On the second Sunday Nga insisted I join her family at church, followed by lunch at a Chinese restaurant in Cholon. I tried to beg off, citing a prior engagement and that I was a Buddhist, but she was most insistent. What she referred to as church, it turned out, was the Roman Catholic Notre-Dame Cathedral Basilica, at the top of Tu Do Street. There, the family had two permanent family pews of their own. I rode by cyclo there, from the villa on Cong Ly Avenue, and met Nga outside. We then entered the Cathedral together. What the other regular worshippers thought, seeing a tall, fair-haired, blue-eyed, foreigner, obviously accompanying the youngest of the Khanh family’s daughters, seated positioned between Nga and her mother, Linh, who was an older version of Nga, in one of the Khanh family’s permanent pews, I have no idea.

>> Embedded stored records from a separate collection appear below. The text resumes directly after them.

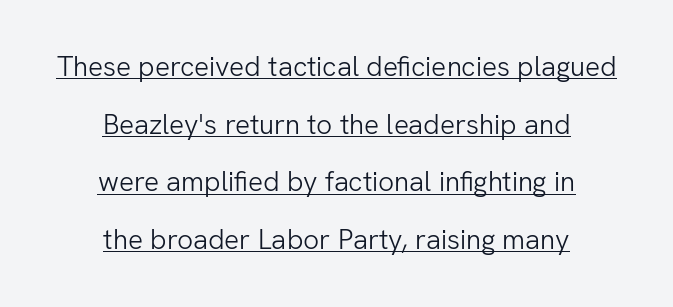
Q: Is the text bold? A: No.
Q: Is the text italic (slanted)? A: No, it is upright.
Q: Is the typeface a serif or a sans-serif typeface? A: Sans-serif.
Q: Is the text underlined? A: Yes.
Q: How is the paragraph aligned? A: Centered.
Q: Is the spacing between letters normal or unusually wide? A: Normal.
Q: Is the spacing between lines tight, normal or loose? A: Loose.
Q: Width (condensed, normal, or wide)? A: Normal.
Q: Stroke contrast? A: Low.
Q: x-height? A: Medium.
Q: Monospaced? A: No.
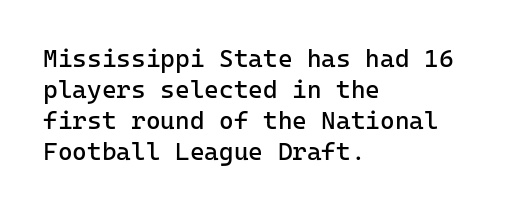
A light-to-regular cut is what we see here. Clear beneath every line of the passage. Vertical strokes here are truly vertical. The passage shown has conventional tracking throughout. Leftover space on each line is placed entirely after the last word.
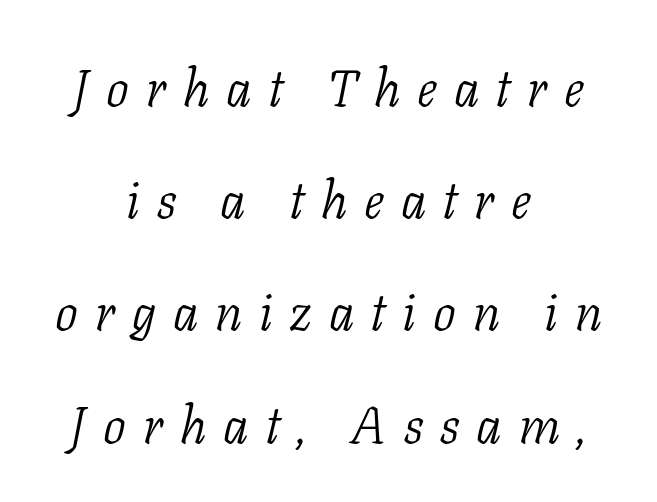
Q: Is the text bold? A: No.
Q: Is the text italic (slanted)? A: Yes, it leans right by about 11 degrees.
Q: Is the typeface a serif or a sans-serif typeface? A: Serif.
Q: Is the text underlined? A: No.
Q: How is the paragraph aligned? A: Centered.
Q: Is the spacing between letters normal or unusually wide? A: Unusually wide.
Q: Is the spacing between lines tight, normal or loose? A: Loose.
Q: Width (condensed, normal, or wide)? A: Normal.
Q: Stroke contrast? A: Low.
Q: x-height? A: Medium.
Q: Monospaced? A: No.
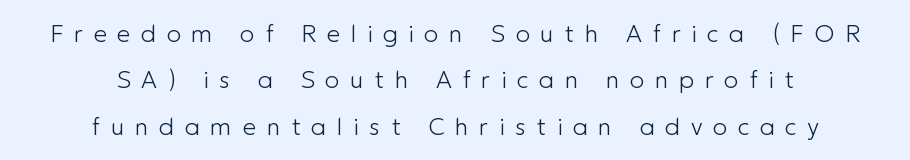
The image shows 24 px text type, upright; set centered, loose line spacing (1.93x), unusually wide letter spacing (+0.44 em), not underlined.
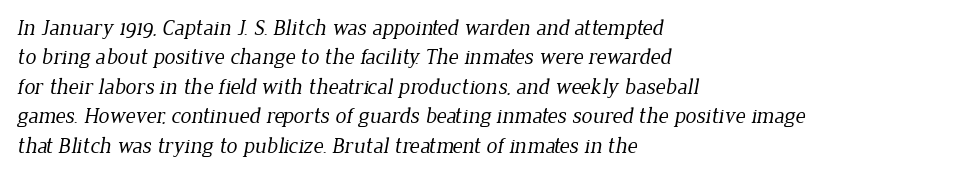
{"bold": "no", "underline": "no", "align": "left", "line_spacing": "normal", "line_spacing_ratio": 1.34, "letter_spacing": "normal", "letter_spacing_em": 0.0, "glyph_px": 22}
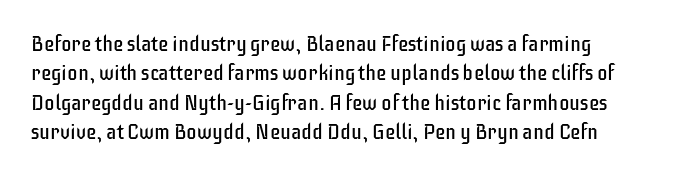
A clean baseline with only descenders dipping below it. If you drew a line through each stem, it would be perfectly vertical. Honestly, the row spacing looks completely unremarkable. Is this a heavy cut? Hardly; it is regular or lighter.

It doubtless provided them grist for the fertile gossip mill. What Nga had told her parents about me I do not know either, as they seemed very accepting of my presence. Like Nga, they spoke fluent Vietnamese, English, French, and Cantonese. Additionally, her mother also spoke Hokkien and Hakka. What the Monsignor who conducted the service (which I, not being a Roman Catholic, having no idea of the rituals involved), in Vietnamese and Latin, would have thought, if he had known, that at least two of the worshippers were armed (Nga and I) I, likewise, had no idea. It turned out that he was a lot more observant than I gave him credit for as, some weeks later, he discreetly approached Nga and I, after one Sunday morning’s Mass, and asked if it was really necessary that we carry guns (his word) in church. We politely told him that no, whilst it might not be necessary to carry them in church, it most certainly was necessary that we carry them, the moment we stepped outside the doors.

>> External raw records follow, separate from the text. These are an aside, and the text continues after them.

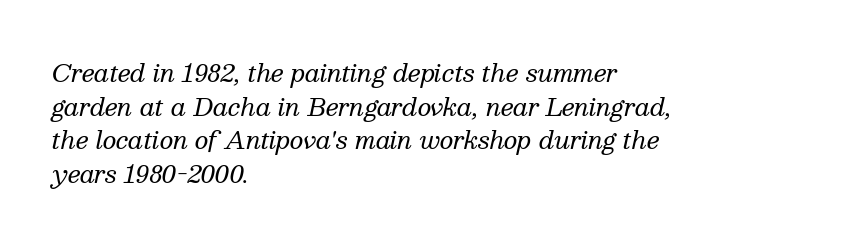
The image shows 24 px text type, italic (leaning right); set left-aligned, normal line spacing (1.4x), normal letter spacing, not underlined.
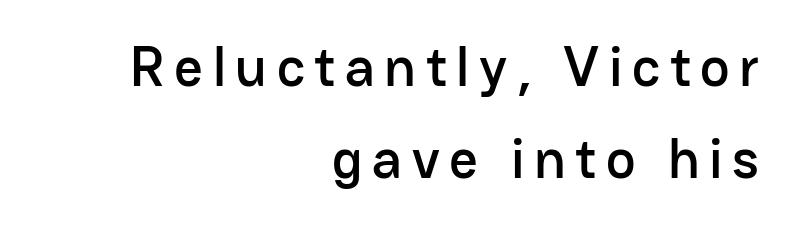
{"serif": "no", "italic": "no", "width": "normal", "stroke_contrast": "low", "x_height": "medium", "monospaced": "no", "underline": "no", "align": "right", "line_spacing": "normal", "line_spacing_ratio": 1.65, "glyph_px": 56}
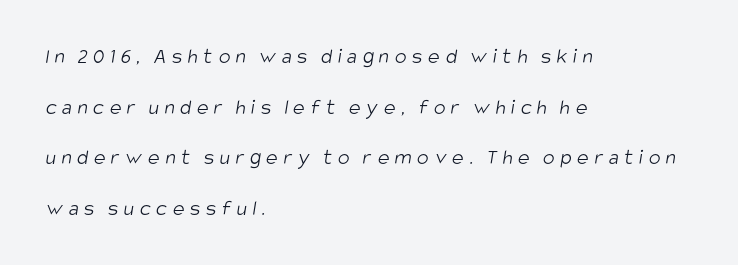
Q: Is the text bold? A: No.
Q: Is the text underlined? A: No.
Q: How is the paragraph aligned? A: Left-aligned.
Q: Is the spacing between letters normal or unusually wide? A: Unusually wide.
Q: Is the spacing between lines tight, normal or loose? A: Loose.
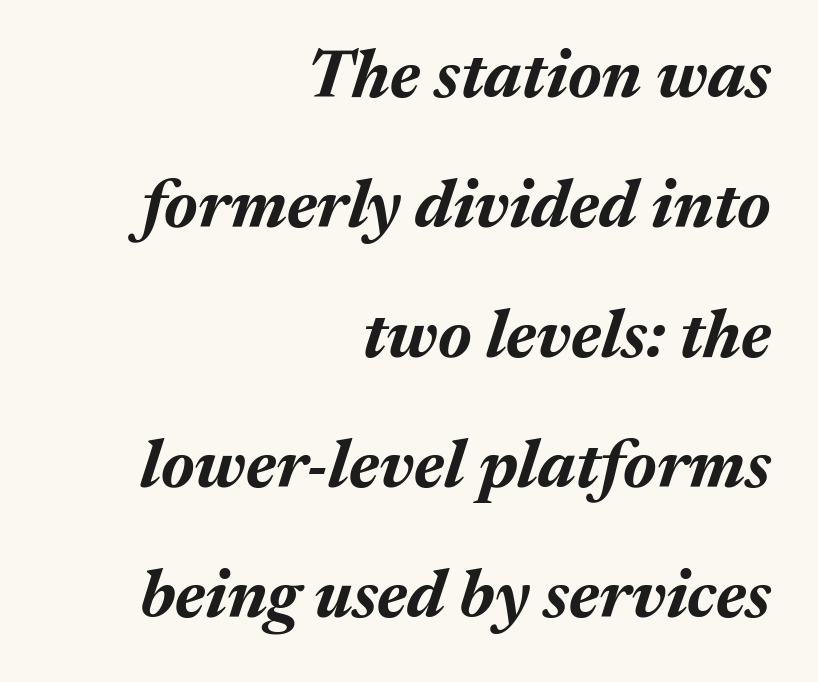
Is the letter spacing exaggerated? No — it looks like the ordinary default. There's an unmistakable incline to the writing here. Just letters on the line, the space beneath them empty. Each letter keeps its own natural width here, so spacing adapts to shape. How heavy is the stroke? Heavy — this is a bold. This sample is right-justified, so line beginnings fall wherever the words allow.
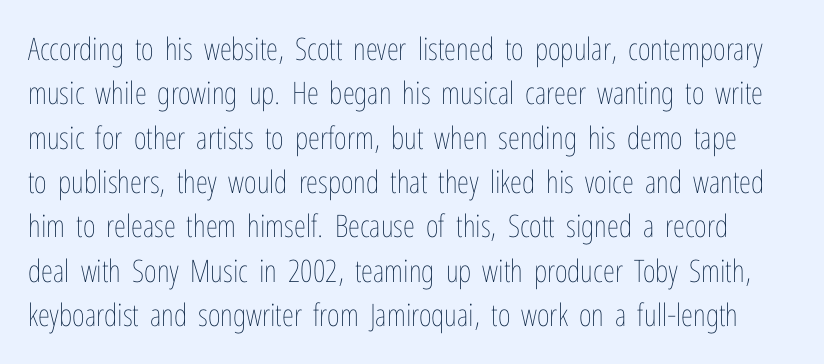
Is this a heavy cut? Hardly; it is regular or lighter. Vertically, the passage feels balanced, rows spaced as you'd expect. Each letter keeps its own natural width here, so spacing adapts to shape. The foot of each line stays bare and open. Do the letters lean? They stand straight. Tracking value appears to be zero — textbook default spacing.

Following the service, Nga’s father insisted that I travel with him, his wife, and Nga, in their chauffeur-driven car to Cholon. When Nga insisted that I had to join her, and her parents, for lunch after church I was expecting that there would be just the four of us. Not so. When we arrived at the restaurant I found that the family had a very large, private, the dining room reserved and that, in addition to Nga and her parents, there were also the dozen or so family members who had been at the Cathedral earlier, plus a couple of dozen or so more who had not, in attendance. This was only the adults. There were numerous children and teenagers, who remained uncounted, the youngest of whom were running about everywhere. The lunch, comprising numerous courses and dishes, which stretched into the mid to late afternoon, was very pleasant. Everybody appeared to enjoy themselves, and it was obvious that this was a regular family occurrence. Nobody appeared to be surprised by my presence or, if they were, they were too polite to mention it. The one thing that was studiously avoided, however, by everyone, was any mention, or discussion, of Nga’s and my line of work. After lunch I politely declined Nga’s father’s generous offer of his car, to transport me back to the city, and insisted on taking a taxi instead.
All too soon though, the days of relaxation were over, and we had to return to work. It was surprising how good one felt, even after this short time, following the intense pressure of the past couple of months.